If we have $A=U\Sigma V^T$ as the SVD of $A$, what is the SVD of the Moore-Penrose Pseudoinverse $M=(A^TA)^{-1}A^T$? I've started to simplify it but eventually I get stuck.
$(A^TA)^{-1}A^T$
$((U\Sigma V^T)^TU\Sigma V^T)^{-1}(U\Sigma V^T)^T$
$((U\Sigma V^T)^TU\Sigma V^T)^{-1}(U\Sigma V^T)^T$
$(V\Sigma^T U^TU\Sigma V^T)^{-1}V\Sigma^TU^T$
$(V\Sigma^T \Sigma V^T)^{-1}V\Sigma^TU^T$
I don't know where to go from here. I need the expression to have a $N\times N$ matrix ($U$) followed by an $N \times d$ matrix ($\Sigma$) followed by a $d \times d$ matrix ($V^T$) but I can't make this expression into that.
If you look up the properties of the Moore-Penrose pseudo inverse $A^+$, you will find that, for example, if $A$ has orthonormal columns, or $B$ has orthonormal rows, then $(AB)^+ = B^+A^+$, just like the regular inverse. So, if $A = U\Sigma V^T$, you should easily be able to prove that $A^+ = V\Sigma^+U^T$ (recall that $U$ and $V$ are unitary so they are invertible with inverse equal to there conjugate transpose).

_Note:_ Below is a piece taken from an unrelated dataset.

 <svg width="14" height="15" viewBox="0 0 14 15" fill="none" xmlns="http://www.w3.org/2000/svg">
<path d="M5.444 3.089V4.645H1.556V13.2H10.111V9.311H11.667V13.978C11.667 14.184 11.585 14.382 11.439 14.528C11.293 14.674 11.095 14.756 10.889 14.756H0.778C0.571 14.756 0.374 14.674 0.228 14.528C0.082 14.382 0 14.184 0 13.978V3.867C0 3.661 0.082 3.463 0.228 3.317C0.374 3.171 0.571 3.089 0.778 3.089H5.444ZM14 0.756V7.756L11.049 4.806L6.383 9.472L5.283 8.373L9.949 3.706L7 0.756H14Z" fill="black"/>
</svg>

Now this could be enough for your purposes, but if you want to go deeper, $\Sigma^+$ is actually very easy to compute given $\Sigma$. Recall that $\Sigma$ is "diagonal" with the singular values along the diagonal. It turns out, and you should be able to prove that, to get the pseudo-inverse of such a matrix, simply transpose it, and then invert all the non-zero singular values.

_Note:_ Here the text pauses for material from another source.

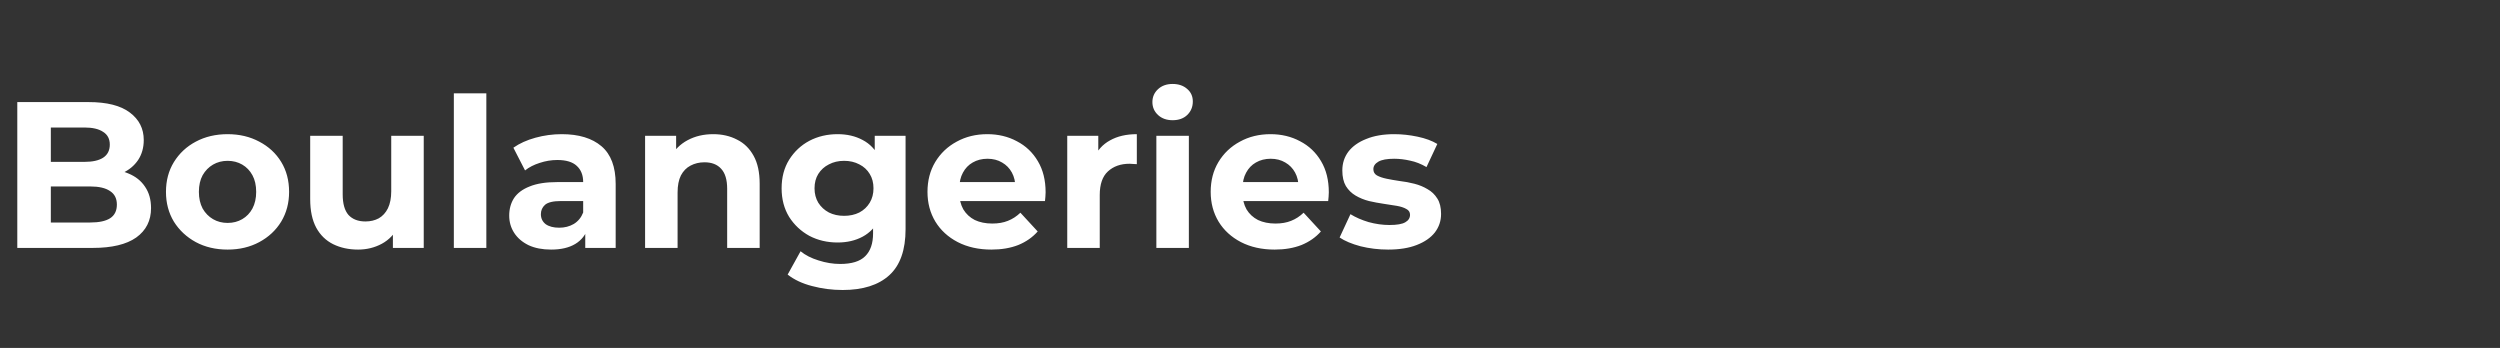 <svg xmlns="http://www.w3.org/2000/svg" width="1200" height="167" viewBox="0 0 1200 167" fill="none"><rect x="0" y="0" width="1200" height="167" fill="#333333" stroke="none"/><path d="M8.3 119V49H42.5C51.3 49 57.9 50.667 62.3 54C66.767 57.333 69 61.733 69 67.2C69 70.867 68.1 74.067 66.3 76.8C64.5 79.467 62.033 81.533 58.9 83C55.767 84.467 52.167 85.2 48.1 85.2L50 81.1C54.4 81.1 58.3 81.833 61.7 83.3C65.1 84.7 67.733 86.8 69.6 89.6C71.533 92.4 72.5 95.833 72.5 99.9C72.5 105.9 70.133 110.6 65.4 114C60.667 117.333 53.7 119 44.5 119H8.3ZM24.4 106.8H43.3C47.5 106.8 50.667 106.133 52.8 104.8C55 103.4 56.1 101.2 56.1 98.2C56.1 95.267 55 93.1 52.8 91.7C50.667 90.233 47.5 89.5 43.3 89.5H23.2V77.7H40.5C44.433 77.7 47.433 77.033 49.5 75.7C51.633 74.3 52.7 72.2 52.7 69.4C52.7 66.667 51.633 64.633 49.5 63.3C47.433 61.9 44.433 61.2 40.5 61.2H24.4V106.8ZM109.265 119.8C103.532 119.8 98.431 118.6 93.965 116.2C89.565 113.8 86.065 110.533 83.465 106.4C80.931 102.2 79.665 97.433 79.665 92.1C79.665 86.7 80.931 81.933 83.465 77.8C86.065 73.6 89.565 70.333 93.965 68C98.431 65.6 103.532 64.4 109.265 64.4C114.932 64.4 119.998 65.6 124.465 68C128.932 70.333 132.432 73.567 134.965 77.7C137.498 81.833 138.765 86.633 138.765 92.1C138.765 97.433 137.498 102.2 134.965 106.4C132.432 110.533 128.932 113.8 124.465 116.2C119.998 118.6 114.932 119.8 109.265 119.8ZM109.265 107C111.865 107 114.198 106.4 116.265 105.2C118.332 104 119.965 102.3 121.165 100.1C122.365 97.833 122.965 95.167 122.965 92.1C122.965 88.967 122.365 86.3 121.165 84.1C119.965 81.9 118.332 80.2 116.265 79C114.198 77.8 111.865 77.2 109.265 77.2C106.665 77.2 104.332 77.8 102.265 79C100.198 80.2 98.531 81.9 97.265 84.1C96.065 86.3 95.465 88.967 95.465 92.1C95.465 95.167 96.065 97.833 97.265 100.1C98.531 102.3 100.198 104 102.265 105.2C104.332 106.4 106.665 107 109.265 107ZM171.892 119.8C167.426 119.8 163.426 118.933 159.892 117.2C156.426 115.467 153.726 112.833 151.792 109.3C149.859 105.7 148.892 101.133 148.892 95.6V65.2H164.492V93.3C164.492 97.767 165.426 101.067 167.292 103.2C169.226 105.267 171.926 106.3 175.392 106.3C177.792 106.3 179.926 105.8 181.792 104.8C183.659 103.733 185.126 102.133 186.192 100C187.259 97.8 187.792 95.067 187.792 91.8V65.2H203.392V119H188.592V104.2L191.292 108.5C189.492 112.233 186.826 115.067 183.292 117C179.826 118.867 176.026 119.8 171.892 119.8ZM217.845 119V44.8H233.445V119H217.845ZM280.923 119V108.5L279.923 106.2V87.4C279.923 84.067 278.889 81.467 276.823 79.6C274.823 77.733 271.723 76.8 267.523 76.8C264.656 76.8 261.823 77.267 259.023 78.2C256.289 79.067 253.956 80.267 252.023 81.8L246.423 70.9C249.356 68.833 252.889 67.233 257.023 66.1C261.156 64.967 265.356 64.4 269.623 64.4C277.823 64.4 284.189 66.333 288.723 70.2C293.256 74.067 295.523 80.1 295.523 88.3V119H280.923ZM264.523 119.8C260.323 119.8 256.723 119.1 253.723 117.7C250.723 116.233 248.423 114.267 246.823 111.8C245.223 109.333 244.423 106.567 244.423 103.5C244.423 100.3 245.189 97.5 246.723 95.1C248.323 92.7 250.823 90.833 254.223 89.5C257.623 88.1 262.056 87.4 267.523 87.4H281.823V96.5H269.223C265.556 96.5 263.023 97.1 261.623 98.3C260.289 99.5 259.623 101 259.623 102.8C259.623 104.8 260.389 106.4 261.923 107.6C263.523 108.733 265.689 109.3 268.423 109.3C271.023 109.3 273.356 108.7 275.423 107.5C277.489 106.233 278.989 104.4 279.923 102L282.323 109.2C281.189 112.667 279.123 115.3 276.123 117.1C273.123 118.9 269.256 119.8 264.523 119.8ZM342.341 64.4C346.608 64.4 350.408 65.267 353.741 67C357.141 68.667 359.808 71.267 361.741 74.8C363.675 78.267 364.641 82.733 364.641 88.2V119H349.041V90.6C349.041 86.267 348.075 83.067 346.141 81C344.275 78.933 341.608 77.9 338.141 77.9C335.675 77.9 333.441 78.433 331.441 79.5C329.508 80.5 327.975 82.067 326.841 84.2C325.775 86.333 325.241 89.067 325.241 92.4V119H309.641V65.2H324.541V80.1L321.741 75.6C323.675 72 326.441 69.233 330.041 67.3C333.641 65.367 337.741 64.4 342.341 64.4ZM404.473 139.2C399.406 139.2 394.506 138.567 389.773 137.3C385.106 136.1 381.206 134.267 378.073 131.8L384.273 120.6C386.539 122.467 389.406 123.933 392.873 125C396.406 126.133 399.873 126.7 403.273 126.7C408.806 126.7 412.806 125.467 415.273 123C417.806 120.533 419.073 116.867 419.073 112V103.9L420.073 90.4L419.873 76.8V65.2H434.673V110C434.673 120 432.073 127.367 426.873 132.1C421.673 136.833 414.206 139.2 404.473 139.2ZM402.073 116.4C397.073 116.4 392.539 115.333 388.473 113.2C384.473 111 381.239 107.967 378.773 104.1C376.373 100.167 375.173 95.6 375.173 90.4C375.173 85.133 376.373 80.567 378.773 76.7C381.239 72.767 384.473 69.733 388.473 67.6C392.539 65.467 397.073 64.4 402.073 64.4C406.606 64.4 410.606 65.333 414.073 67.2C417.539 69 420.239 71.833 422.173 75.7C424.106 79.5 425.073 84.4 425.073 90.4C425.073 96.333 424.106 101.233 422.173 105.1C420.239 108.9 417.539 111.733 414.073 113.6C410.606 115.467 406.606 116.4 402.073 116.4ZM405.173 103.6C407.906 103.6 410.339 103.067 412.473 102C414.606 100.867 416.273 99.3 417.473 97.3C418.673 95.3 419.273 93 419.273 90.4C419.273 87.733 418.673 85.433 417.473 83.5C416.273 81.5 414.606 79.967 412.473 78.9C410.339 77.767 407.906 77.2 405.173 77.2C402.439 77.2 400.006 77.767 397.873 78.9C395.739 79.967 394.039 81.5 392.773 83.5C391.573 85.433 390.973 87.733 390.973 90.4C390.973 93 391.573 95.3 392.773 97.3C394.039 99.3 395.739 100.867 397.873 102C400.006 103.067 402.439 103.6 405.173 103.6ZM475.892 119.8C469.759 119.8 464.359 118.6 459.692 116.2C455.092 113.8 451.526 110.533 448.992 106.4C446.459 102.2 445.192 97.433 445.192 92.1C445.192 86.7 446.426 81.933 448.892 77.8C451.426 73.6 454.859 70.333 459.192 68C463.526 65.6 468.426 64.4 473.892 64.4C479.159 64.4 483.892 65.533 488.092 67.8C492.359 70 495.726 73.2 498.192 77.4C500.659 81.533 501.892 86.5 501.892 92.3C501.892 92.9 501.859 93.6 501.792 94.4C501.726 95.133 501.659 95.833 501.592 96.5H457.892V87.4H493.392L487.392 90.1C487.392 87.3 486.826 84.867 485.692 82.8C484.559 80.733 482.992 79.133 480.992 78C478.992 76.8 476.659 76.2 473.992 76.2C471.326 76.2 468.959 76.8 466.892 78C464.892 79.133 463.326 80.767 462.192 82.9C461.059 84.967 460.492 87.433 460.492 90.3V92.7C460.492 95.633 461.126 98.233 462.392 100.5C463.726 102.7 465.559 104.4 467.892 105.6C470.292 106.733 473.092 107.3 476.292 107.3C479.159 107.3 481.659 106.867 483.792 106C485.992 105.133 487.992 103.833 489.792 102.1L498.092 111.1C495.626 113.9 492.526 116.067 488.792 117.6C485.059 119.067 480.759 119.8 475.892 119.8ZM512.278 119V65.2H527.178V80.4L525.078 76C526.678 72.2 529.245 69.333 532.778 67.4C536.311 65.4 540.611 64.4 545.678 64.4V78.8C545.011 78.733 544.411 78.7 543.878 78.7C543.345 78.633 542.778 78.6 542.178 78.6C537.911 78.6 534.445 79.833 531.778 82.3C529.178 84.7 527.878 88.467 527.878 93.6V119H512.278ZM555.052 119V65.2H570.652V119H555.052ZM562.852 57.7C559.985 57.7 557.652 56.867 555.852 55.2C554.052 53.533 553.152 51.467 553.152 49C553.152 46.533 554.052 44.467 555.852 42.8C557.652 41.133 559.985 40.3 562.852 40.3C565.718 40.3 568.052 41.1 569.852 42.7C571.652 44.233 572.552 46.233 572.552 48.7C572.552 51.3 571.652 53.467 569.852 55.2C568.118 56.867 565.785 57.7 562.852 57.7ZM611.83 119.8C605.696 119.8 600.296 118.6 595.63 116.2C591.03 113.8 587.463 110.533 584.93 106.4C582.396 102.2 581.13 97.433 581.13 92.1C581.13 86.7 582.363 81.933 584.83 77.8C587.363 73.6 590.796 70.333 595.13 68C599.463 65.6 604.363 64.4 609.83 64.4C615.096 64.4 619.83 65.533 624.03 67.8C628.296 70 631.663 73.2 634.13 77.4C636.596 81.533 637.83 86.5 637.83 92.3C637.83 92.9 637.796 93.6 637.73 94.4C637.663 95.133 637.596 95.833 637.53 96.5H593.83V87.4H629.33L623.33 90.1C623.33 87.3 622.763 84.867 621.63 82.8C620.496 80.733 618.93 79.133 616.93 78C614.93 76.8 612.596 76.2 609.93 76.2C607.263 76.2 604.896 76.8 602.83 78C600.83 79.133 599.263 80.767 598.13 82.9C596.996 84.967 596.43 87.433 596.43 90.3V92.7C596.43 95.633 597.063 98.233 598.33 100.5C599.663 102.7 601.496 104.4 603.83 105.6C606.23 106.733 609.03 107.3 612.23 107.3C615.096 107.3 617.596 106.867 619.73 106C621.93 105.133 623.93 103.833 625.73 102.1L634.03 111.1C631.563 113.9 628.463 116.067 624.73 117.6C620.996 119.067 616.696 119.8 611.83 119.8ZM666.316 119.8C661.716 119.8 657.282 119.267 653.016 118.2C648.816 117.067 645.482 115.667 643.016 114L648.216 102.8C650.682 104.333 653.582 105.6 656.916 106.6C660.316 107.533 663.649 108 666.916 108C670.516 108 673.049 107.567 674.516 106.7C676.049 105.833 676.816 104.633 676.816 103.1C676.816 101.833 676.216 100.9 675.016 100.3C673.882 99.633 672.349 99.133 670.416 98.8C668.482 98.467 666.349 98.133 664.016 97.8C661.749 97.467 659.449 97.033 657.116 96.5C654.782 95.9 652.649 95.033 650.716 93.9C648.782 92.767 647.216 91.233 646.016 89.3C644.882 87.367 644.316 84.867 644.316 81.8C644.316 78.4 645.282 75.4 647.216 72.8C649.216 70.2 652.082 68.167 655.816 66.7C659.549 65.167 664.016 64.4 669.216 64.4C672.882 64.4 676.616 64.8 680.416 65.6C684.216 66.4 687.382 67.567 689.916 69.1L684.716 80.2C682.116 78.667 679.482 77.633 676.816 77.1C674.216 76.5 671.682 76.2 669.216 76.2C665.749 76.2 663.216 76.667 661.616 77.6C660.016 78.533 659.216 79.733 659.216 81.2C659.216 82.533 659.782 83.533 660.916 84.2C662.116 84.867 663.682 85.4 665.616 85.8C667.549 86.2 669.649 86.567 671.916 86.9C674.249 87.167 676.582 87.6 678.916 88.2C681.249 88.8 683.349 89.667 685.216 90.8C687.149 91.867 688.716 93.367 689.916 95.3C691.116 97.167 691.716 99.633 691.716 102.7C691.716 106.033 690.716 109 688.716 111.6C686.716 114.133 683.816 116.133 680.016 117.6C676.282 119.067 671.716 119.8 666.316 119.8Z" fill="white"></path></svg>

*As extra intuition, verify that this answer makes geometric sense to you. Indeed, if you pretend for a second that $A$ is actually invertible, then this result is telling you that, if $A$ is a "rotation", followed by a scaling, followed by another rotation, then $A^{-1}$ should logically be the undoing of the last rotation, followed by inverting the scaling, followed by undoing the first rotation. Makes sense. Try to see if you can fit in zero singular values in that picture.